Interactions

Interactions: proximity, privacy, and legitimacy

Encounters lead to interactions, which allow communications. How do we increase the frequency of encounters? What factors turn encounters into interactions? How do we convert interactions into communications?

Proximity

Increasing the physical distance separating people at work is likely to decrease the amount of spontaneous, informal contact among them. There need only be a small amount of distance between people before they stop interacting.

Impact on Remote Working: You need to reduce the friction required to connect to your team. Each slow response to a question is like moving your desk an extra few meters away from your team until eventually, you are in the basement office with the door closed.

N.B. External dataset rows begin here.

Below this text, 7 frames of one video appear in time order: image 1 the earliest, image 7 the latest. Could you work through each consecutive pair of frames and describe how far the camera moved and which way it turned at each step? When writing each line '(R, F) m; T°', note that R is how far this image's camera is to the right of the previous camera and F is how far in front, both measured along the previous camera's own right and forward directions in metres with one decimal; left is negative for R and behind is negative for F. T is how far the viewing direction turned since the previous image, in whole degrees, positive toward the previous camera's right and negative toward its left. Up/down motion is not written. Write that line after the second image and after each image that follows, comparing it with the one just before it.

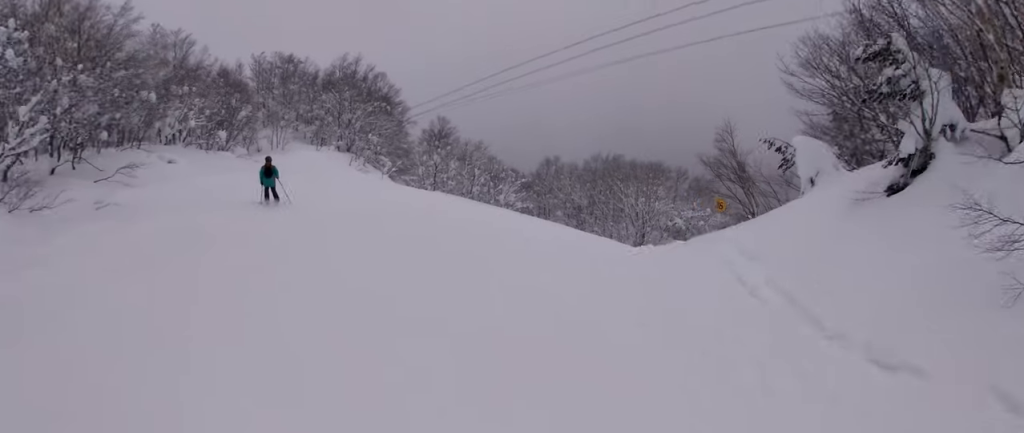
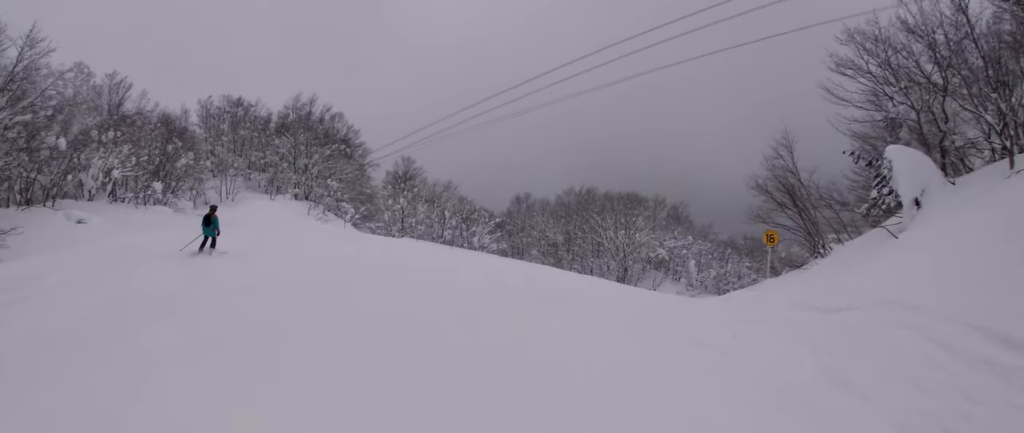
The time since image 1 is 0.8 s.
(0.0, +4.8) m; 0°
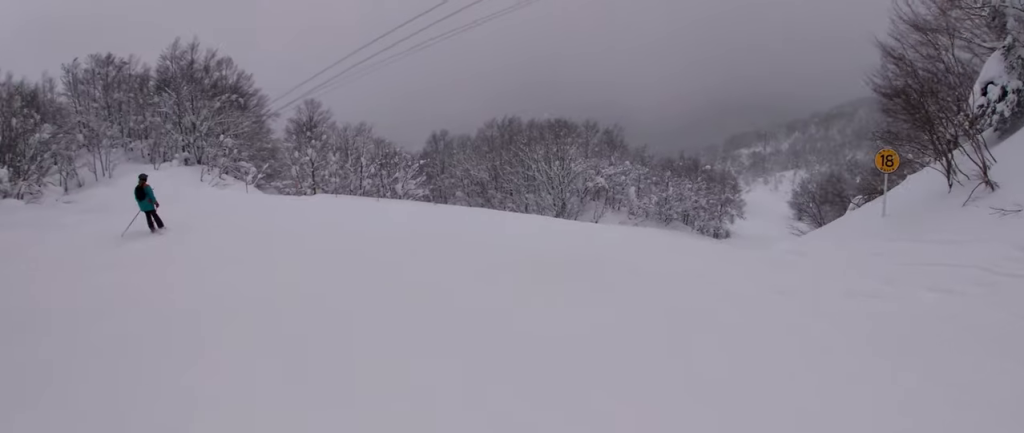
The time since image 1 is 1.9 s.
(0.0, +6.5) m; 0°
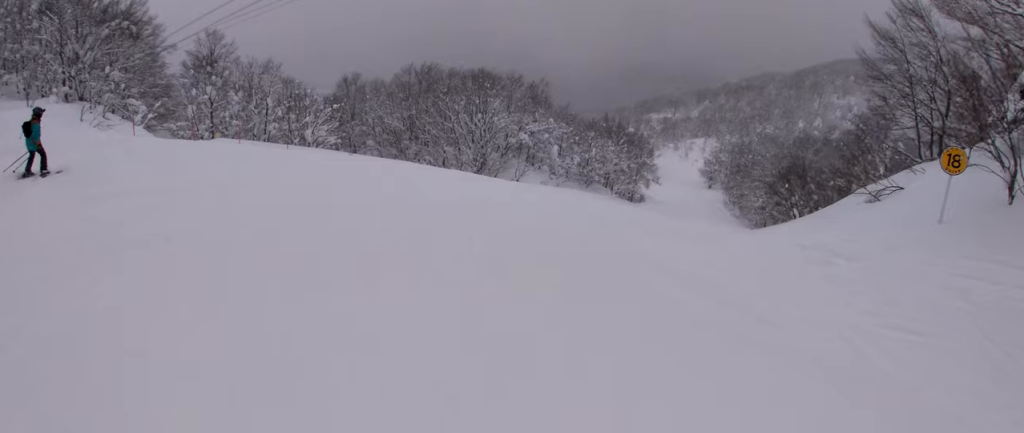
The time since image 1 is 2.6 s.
(0.0, +3.9) m; +6°
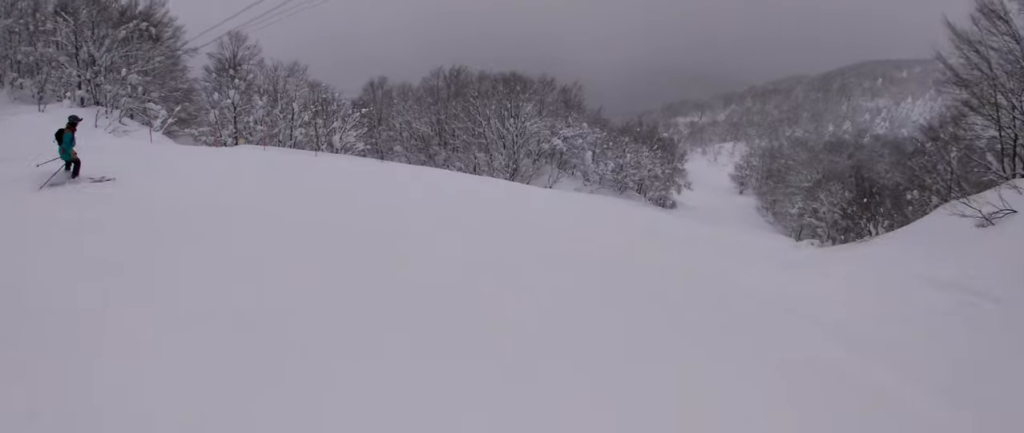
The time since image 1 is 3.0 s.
(-0.2, +2.5) m; +4°
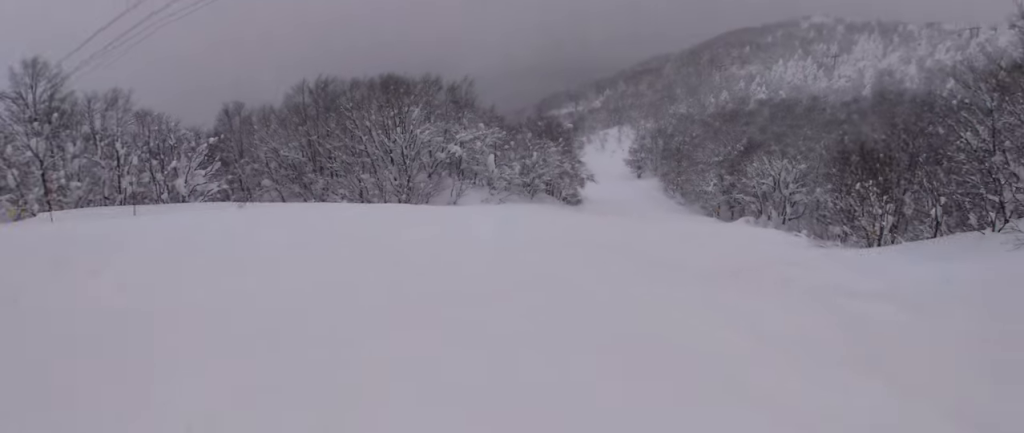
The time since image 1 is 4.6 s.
(+3.8, +9.9) m; +32°
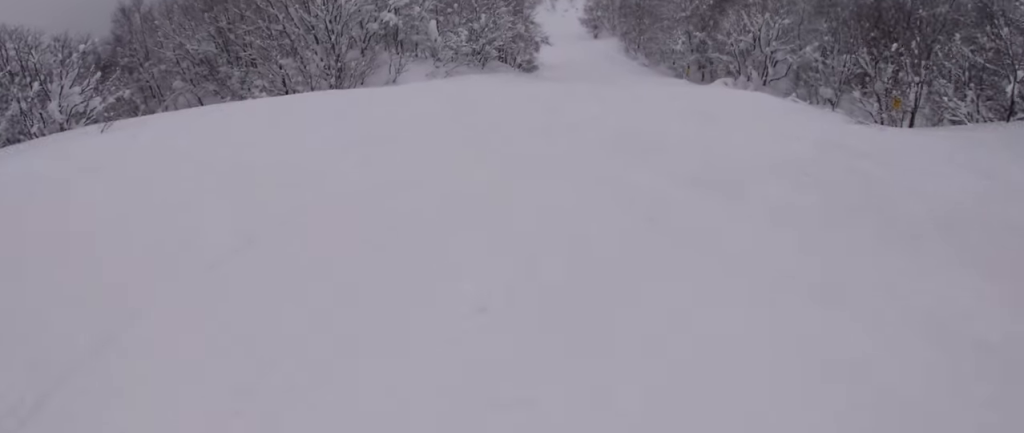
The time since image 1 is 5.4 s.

Using always-on Zoom channels or fast response to Slack messages can increase your teams’ proximity with minimal effort.

NB: Although we use Slack and Zoom as the default messaging and video conference tools, other tools exist that might be as good. We just haven’t found them.

Privacy

People must have confidence that private conversations are only heard by those intended and not overheard by anyone else. Interactions in the absence of such privacy — talking in a corridor, for example — risk being silenced or broken up by the appearance of others and raise concerns about what the interrupter might have heard.

Impact on Remote Working: If the only time you speak to another team member is on the daily Zoom call with 15 other people, then you will never create the necessary environment for people to have those frank and honest conversations that are required. Consider taking a video call directly, or take conversations to temporary Slack messaging so you can thrash out the details. Just remember, once you have finished, consider sharing the outcome with the rest of the team in a shared channel, so everyone has the context.

Legitimacy

The social definition of the space: What is supposed, obliged and allowed to occur there. People have got to feel comfortable that it is okay for them to be in a certain place, that is, not feel embarrassed or discredited. For an encounter to become an informal interaction, the people involved must not only feel comfortable about what others will see and hear — the issue of privacy — but also what others will think.

Impact on Remote Working: In a remote environment, having different channels for people to talk about topics ranging from specific technical subjects to a place just for some watercooler chat helps promote legitimacy between co-workers. Remember that shy people in a remote setting will be doubly shy, so ensure that the team environment invites active communications across all team members.